> [Exercise directions]: When you reproduce these records, keep every word exactly and drop the images.

> [Excerpted data]:
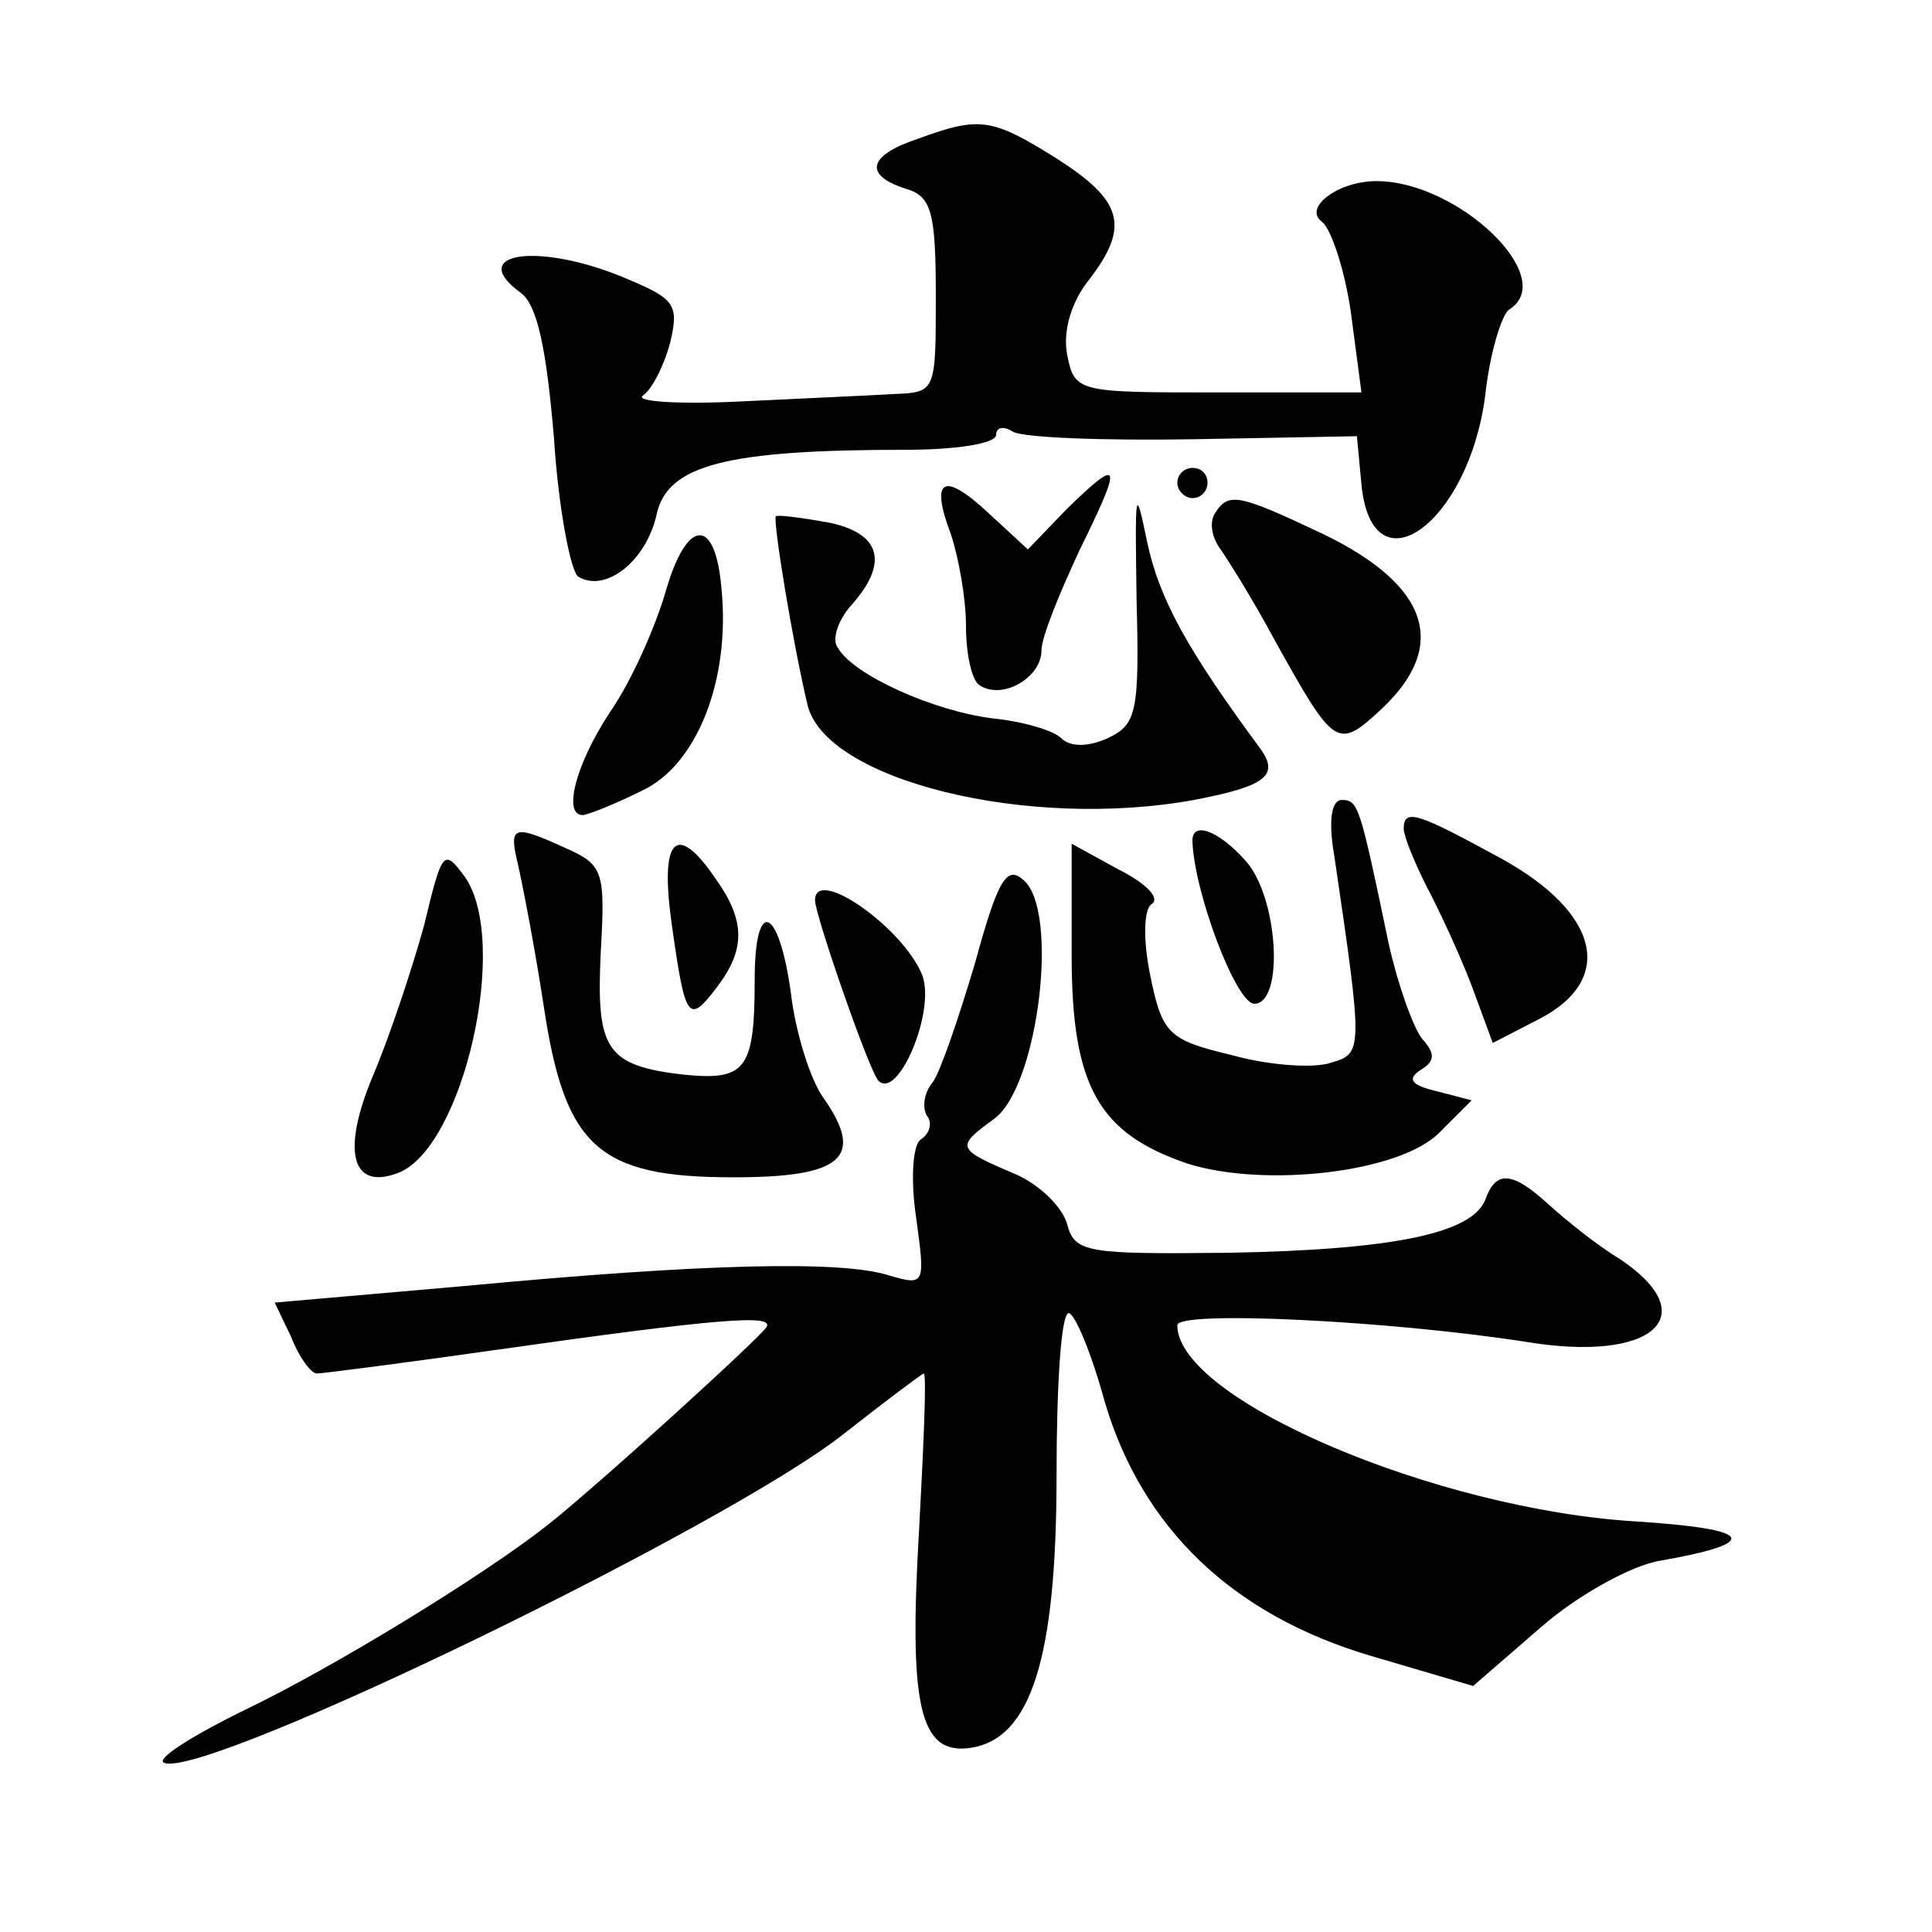 <?xml version="1.0" standalone="no"?>
<!DOCTYPE svg PUBLIC "-//W3C//DTD SVG 20010904//EN"
 "http://www.w3.org/TR/2001/REC-SVG-20010904/DTD/svg10.dtd">
<svg version="1.0" xmlns="http://www.w3.org/2000/svg"
 width="128pt" height="128pt" viewBox="0 0 128 128"
 preserveAspectRatio="xMidYMid meet">
<g transform="translate(0,128) scale(0.1,-0.1)"
fill="#0" stroke="none">
<path d="M608 1188 c-33 -11 -36 -24 -8 -33 17 -5 20 -15 20 -71 0 -63 0 -64 -27
-65 -16 -1 -62 -3 -103 -5 -41 -2 -70 0 -64 4 6 4 14 20 18 35 6 25 3 29 -28 42
-58 25 -108 18 -71 -9 11 -8 17 -37 22 -96 3 -47 11 -88 16 -92 18 -11 45 10 52
41 7 33 46 43 165 43 33 0 60 4 60 10 0 5 5 6 11 2 7 -4 60 -6 120 -5 l108 2 3
-32 c7 -72 71 -26 82 59 3 28 11 54 16 57 33 21 -34 85 -88 85 -26 0 -49 -18 -36
-27 6 -5 15 -32 19 -60 l7 -53 -95 0 c-93 0 -95 0 -100 25 -3 16 3 35 14 49 28
36 23 53 -21 81 -43 27 -51 28 -92 13z M707 943 l-26 -27 -26 24 c-30 28 -39 23
-25 -14 5 -15 10 -42 10 -61 0 -19 4 -36 9 -39 15 -10 41 5 41 23 0 9 12 38 25
66 29 59 28 63 -8 28z M780 960 c0 -5 5 -10 10 -10 6 0 10 5 10 10 0 6 -4 10 -10
10 -5 0 -10 -4 -10 -10z M753 883 c2 -75 0 -83 -19 -92 -13 -6 -25 -6 -31 0 -5
5 -25 11 -45 13 -40 5 -93 29 -103 47 -4 5 0 18 9 28 25 28 20 48 -16 55 -17 3
-32 5 -34 4 -2 -3 11 -83 21 -125 12 -50 146 -83 256 -63 47 9 57 16 44 34 -48
65 -67 99 -75 137 -8 39 -8 34 -7 -38z M805 940 c-4 -6 -2 -16 3 -23 5 -7 22 -34
37 -62 39 -70 41 -72 70 -45 45 42 32 82 -38 116 -57 27 -63 28 -72 14z M441 888
c-7 -24 -23 -60 -37 -80 -23 -35 -31 -68 -18 -68 3 0 21 7 39 16 37 17 59 74 53
134 -4 48 -23 47 -37 -2z M884 713 c19 -129 19 -131 -2 -137 -11 -4 -41 -2 -66
5 -42 10 -46 14 -54 53 -5 25 -4 44 1 47 6 4 -4 14 -22 23 l-31 17 0 -74 c0 -87
18 -118 77 -138 51 -16 141 -6 167 21 l21 21 -23 6 c-17 4 -20 8 -11 14 10 6 10
11 1 21 -6 8 -16 36 -22 63 -19 91 -20 95 -31 95 -7 0 -9 -14 -5 -37z M930 731
c0 -5 7 -22 15 -38 8 -15 22 -45 30 -66 l14 -38 31 16 c50 26 40 70 -25 106 -55
30 -65 34 -65 20z M343 708 c3 -13 11 -54 17 -93 14 -95 36 -115 126 -115 72 0
87 13 60 52 -9 12 -19 44 -22 70 -8 58 -24 64 -24 9 0 -60 -6 -67 -47 -63 -52 6
-58 17 -55 81 3 53 2 58 -23 69 -35 16 -38 15 -32 -10z M790 723 c1 -34 29 -108
41 -108 20 0 16 71 -6 95 -18 20 -35 26 -35 13z M281 667 c-8 -29 -23 -74 -34 -100
-21 -50 -14 -76 17 -64 43 17 74 153 44 196 -14 19 -15 18 -27 -32z M445 668 c9
-64 11 -67 30 -42 19 25 19 44 -1 72 -26 38 -37 27 -29 -30z M646 642 c-11 -37
-23 -72 -28 -79 -6 -7 -7 -17 -4 -22 4 -5 2 -12 -4 -16 -5 -3 -7 -25 -3 -52 6 -44
6 -45 -18 -38 -31 10 -122 8 -281 -7 l-126 -11 11 -23 c5 -13 13 -24 17 -24 3 0
58 7 121 16 148 21 181 23 177 15 -3 -6 -114 -107 -146 -132 -42 -33 -140 -93 -198
-121 -37 -18 -62 -34 -55 -36 29 -10 373 157 450 218 28 22 52 40 53 40 2 0 0 -46
-3 -102 -7 -118 0 -151 34 -146 40 6 57 59 57 181 0 59 3 107 8 107 4 0 15 -26
24 -59 25 -84 85 -141 176 -168 l68 -20 45 39 c24 21 60 41 79 44 68 12 62 21 -16
26 -133 8 -304 81 -304 130 0 10 141 3 231 -11 84 -14 119 17 62 55 -15 9 -36 26
-47 36 -24 22 -35 23 -42 3 -9 -22 -60 -33 -170 -35 -94 -1 -102 0 -107 19 -3 11
-18 26 -34 33 -40 17 -40 18 -14 37 29 22 43 138 19 158 -11 10 -17 0 -32 -55z
M540 683 c1 -12 36 -113 42 -119 13 -13 38 46 29 70 -13 32 -72 73 -71 49z"/>
</g>
</svg>

> [Answer to this task]:
 <?xml version="1.0" standalone="no"?>
<!DOCTYPE svg PUBLIC "-//W3C//DTD SVG 20010904//EN"
 "http://www.w3.org/TR/2001/REC-SVG-20010904/DTD/svg10.dtd">
<svg version="1.0" xmlns="http://www.w3.org/2000/svg"
 width="128pt" height="128pt" viewBox="0 0 128 128"
 preserveAspectRatio="xMidYMid meet">
<g transform="translate(0,128) scale(0.1,-0.1)"
fill="#0" stroke="none">
<path d="M608 1188 c-33 -11 -36 -24 -8 -33 17 -5 20 -15 20 -71 0 -63 0 -64 -27
-65 -16 -1 -62 -3 -103 -5 -41 -2 -70 0 -64 4 6 4 14 20 18 35 6 25 3 29 -28 42
-58 25 -108 18 -71 -9 11 -8 17 -37 22 -96 3 -47 11 -88 16 -92 18 -11 45 10 52
41 7 33 46 43 165 43 33 0 60 4 60 10 0 5 5 6 11 2 7 -4 60 -6 120 -5 l108 2 3
-32 c7 -72 71 -26 82 59 3 28 11 54 16 57 33 21 -34 85 -88 85 -26 0 -49 -18 -36
-27 6 -5 15 -32 19 -60 l7 -53 -95 0 c-93 0 -95 0 -100 25 -3 16 3 35 14 49 28
36 23 53 -21 81 -43 27 -51 28 -92 13z M707 943 l-26 -27 -26 24 c-30 28 -39 23
-25 -14 5 -15 10 -42 10 -61 0 -19 4 -36 9 -39 15 -10 41 5 41 23 0 9 12 38 25
66 29 59 28 63 -8 28z M780 960 c0 -5 5 -10 10 -10 6 0 10 5 10 10 0 6 -4 10 -10
10 -5 0 -10 -4 -10 -10z M753 883 c2 -75 0 -83 -19 -92 -13 -6 -25 -6 -31 0 -5
5 -25 11 -45 13 -40 5 -93 29 -103 47 -4 5 0 18 9 28 25 28 20 48 -16 55 -17 3
-32 5 -34 4 -2 -3 11 -83 21 -125 12 -50 146 -83 256 -63 47 9 57 16 44 34 -48
65 -67 99 -75 137 -8 39 -8 34 -7 -38z M805 940 c-4 -6 -2 -16 3 -23 5 -7 22 -34
37 -62 39 -70 41 -72 70 -45 45 42 32 82 -38 116 -57 27 -63 28 -72 14z M441 888
c-7 -24 -23 -60 -37 -80 -23 -35 -31 -68 -18 -68 3 0 21 7 39 16 37 17 59 74 53
134 -4 48 -23 47 -37 -2z M884 713 c19 -129 19 -131 -2 -137 -11 -4 -41 -2 -66
5 -42 10 -46 14 -54 53 -5 25 -4 44 1 47 6 4 -4 14 -22 23 l-31 17 0 -74 c0 -87
18 -118 77 -138 51 -16 141 -6 167 21 l21 21 -23 6 c-17 4 -20 8 -11 14 10 6 10
11 1 21 -6 8 -16 36 -22 63 -19 91 -20 95 -31 95 -7 0 -9 -14 -5 -37z M930 731
c0 -5 7 -22 15 -38 8 -15 22 -45 30 -66 l14 -38 31 16 c50 26 40 70 -25 106 -55
30 -65 34 -65 20z M343 708 c3 -13 11 -54 17 -93 14 -95 36 -115 126 -115 72 0
87 13 60 52 -9 12 -19 44 -22 70 -8 58 -24 64 -24 9 0 -60 -6 -67 -47 -63 -52 6
-58 17 -55 81 3 53 2 58 -23 69 -35 16 -38 15 -32 -10z M790 723 c1 -34 29 -108
41 -108 20 0 16 71 -6 95 -18 20 -35 26 -35 13z M281 667 c-8 -29 -23 -74 -34 -100
-21 -50 -14 -76 17 -64 43 17 74 153 44 196 -14 19 -15 18 -27 -32z M445 668 c9
-64 11 -67 30 -42 19 25 19 44 -1 72 -26 38 -37 27 -29 -30z M646 642 c-11 -37
-23 -72 -28 -79 -6 -7 -7 -17 -4 -22 4 -5 2 -12 -4 -16 -5 -3 -7 -25 -3 -52 6 -44
6 -45 -18 -38 -31 10 -122 8 -281 -7 l-126 -11 11 -23 c5 -13 13 -24 17 -24 3 0
58 7 121 16 148 21 181 23 177 15 -3 -6 -114 -107 -146 -132 -42 -33 -140 -93 -198
-121 -37 -18 -62 -34 -55 -36 29 -10 373 157 450 218 28 22 52 40 53 40 2 0 0 -46
-3 -102 -7 -118 0 -151 34 -146 40 6 57 59 57 181 0 59 3 107 8 107 4 0 15 -26
24 -59 25 -84 85 -141 176 -168 l68 -20 45 39 c24 21 60 41 79 44 68 12 62 21 -16
26 -133 8 -304 81 -304 130 0 10 141 3 231 -11 84 -14 119 17 62 55 -15 9 -36 26
-47 36 -24 22 -35 23 -42 3 -9 -22 -60 -33 -170 -35 -94 -1 -102 0 -107 19 -3 11
-18 26 -34 33 -40 17 -40 18 -14 37 29 22 43 138 19 158 -11 10 -17 0 -32 -55z
M540 683 c1 -12 36 -113 42 -119 13 -13 38 46 29 70 -13 32 -72 73 -71 49z"/>
</g>
</svg>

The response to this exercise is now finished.